A substance related to a party drug could limit damage caused by stroke

In animal trials, an international research group, headed by Professor Petrine Wellendorph from the University of Copenhagen, was able to limit the expansion of brain damage after stroke by up to 50%.

A laboratory-produced variant of a neurotransmitter found in the brains of humans and other mammals proved to have unexpected effects.

In time, these findings may lead to novel drugs to help people affected by stroke caused by a blood clot in the brain.

The discovery was made by an international research group headed by Professor Petrine Wellendorph, from the Department of Drug Design and Pharmacology, University of Copenhagen (UCPH).
Researchers from the Netherlands, the USA and New Zealand also participated in the study, which was recently published in the scientific journal PNAS.
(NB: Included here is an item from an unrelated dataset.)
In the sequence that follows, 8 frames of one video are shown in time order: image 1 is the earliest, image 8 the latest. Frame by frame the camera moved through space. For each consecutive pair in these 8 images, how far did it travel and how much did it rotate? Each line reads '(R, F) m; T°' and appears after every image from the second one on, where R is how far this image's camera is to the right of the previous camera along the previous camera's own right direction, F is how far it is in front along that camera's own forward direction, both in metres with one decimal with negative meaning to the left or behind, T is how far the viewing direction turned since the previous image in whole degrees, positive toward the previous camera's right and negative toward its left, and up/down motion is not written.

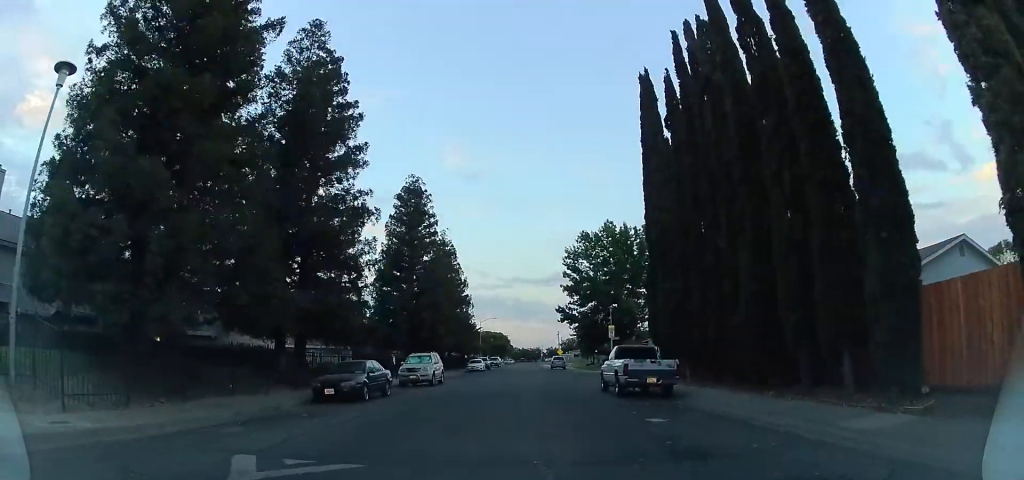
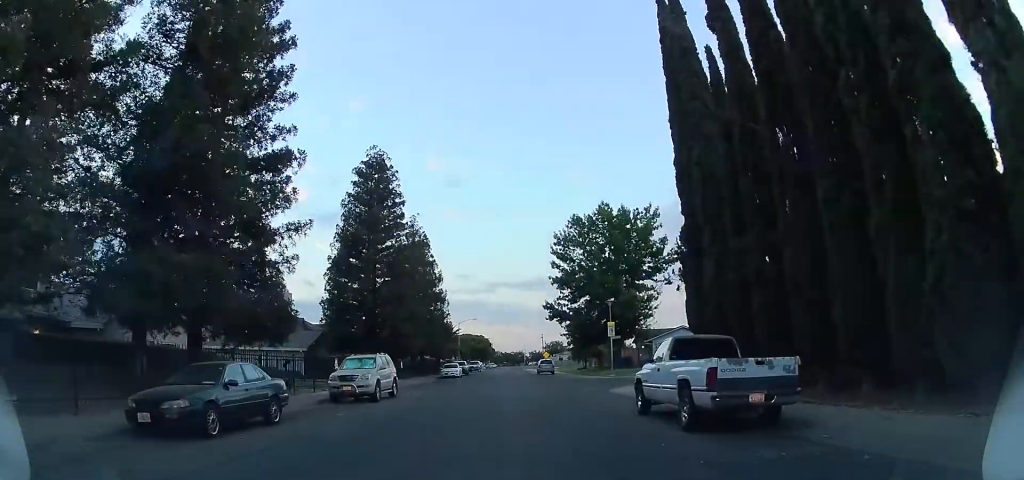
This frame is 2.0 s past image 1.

Professor Wellendorph has been researching the GHB neuromodulator for several years. She received funding from the Lundbeck Foundation for her work in the form of a Fellowship worth DKK 10 million in 2013 and a further research grant for the same amount in 2019.

‘As a neuromodulator, GHB is involved in a number of brain mechanisms. My ambition – more specifically – is to understand the role GHB plays in our brains,’ says Professor Wellendorph.
 

Partydrug

If you take a powerful dose of synthetically produced GHB – or “fantasy” as the so-called party drug is named – you will experience a “rush” or “high”. You will lose your inhibitions and feel free and relaxed.

However, experimenting with the drug is not without its dangers! The dose required for a rush is not far removed from a dose that, in the worst case, can end fatally. And if you do manage to survive your acquaintance with this illegal drug, which fortunately most people do, unpleasant withdrawal symptoms may be in store.

To understand the role that GHB plays in the brain under normal, non-party-going circumstances, it is necessary to map the binding site; in other words, the protein to which GHB primarily binds in a mammalian brain. Once we understand this protein, we can begin to decipher the comings and goings of GHB.

It is this key binding protein that Professor Wellendorph and her colleagues have now succeeded in identifying – and their success is due to a laboratory-produced variant of fantasy. This variant – which has no narcotic effect – was made by chemists at UCPH, who named it HOCPCA.

With the help of HOCPCA, Professor Wellendorph and her colleagues were able to map the GHB binding site in a mammalian brain by analysing the brain tissue of rats. 

Stroke in the lab

In the article in PNAS, the researchers also describe an experiment they performed on mice.

The aim of the experiment was to see whether HOCPCA – the laboratory-produced variant of fantasy – could be used to treat the damage caused by stroke.

To investigate this, Professor Wellendorph and her colleagues worked with two groups of laboratory mice, and all subjects were given an injection of a drug to provoke stroke.

One of the groups, Cohort 1, was then injected with HOCPCA. Cohort 2 was not given the substance.

Cohort 1 received injections of HOCPCA at various intervals. Some mice were given an injection three hours after the stroke, others after six hours, and the remainder after 12 hours.

Once all the results had been collated, the researchers could see that HOCPCA had had a significantly limiting effect on the damage. Professor Wellendorph explains:

‘In a stroke, the supply of oxygen and nutrients to an area of the brain via the bloodstream is temporarily constricted – or cut off altogether. This causes damage, so it’s always important to treat the patient as quickly as possible to restore the blood supply. Our experiment showed 40–50% less damage in the group of mice given HOCPCA compared with the animals that did not receive the drug. And this protective effect was also visible when HOCPCA was given 12 hours after we had provoked the stroke.’

They established this by measuring the size of the area in the brain to which the damage from the stroke had spread in the mice in both cohorts – as well as the depth at which the aftereffects could be detected in the brain tissue.

The researchers do not know how HOCPCA caused this protective effect in the mice in Cohort 1. However, the hypothesis is that it has something to do with calcium.

Professor Wellendorph explains that when someone has a stroke, there is a dramatic rise in the level of calcium in the brain, and the researchers therefore presume that HOCPCA may in some way scale down the calcium levels after a stroke.

In time, it may be possible to incorporate HOCPCA into a drug to limit the aftereffects of strokes in humans.

‘Together with UCPH, we’ve patented the drug, and we’re now applying for funds to conduct further studies. Even if it works in animal trials, we can’t simply assume that it will have a similar effect in humans. We’ll see how far we can get,’ says Professor Wellendorph.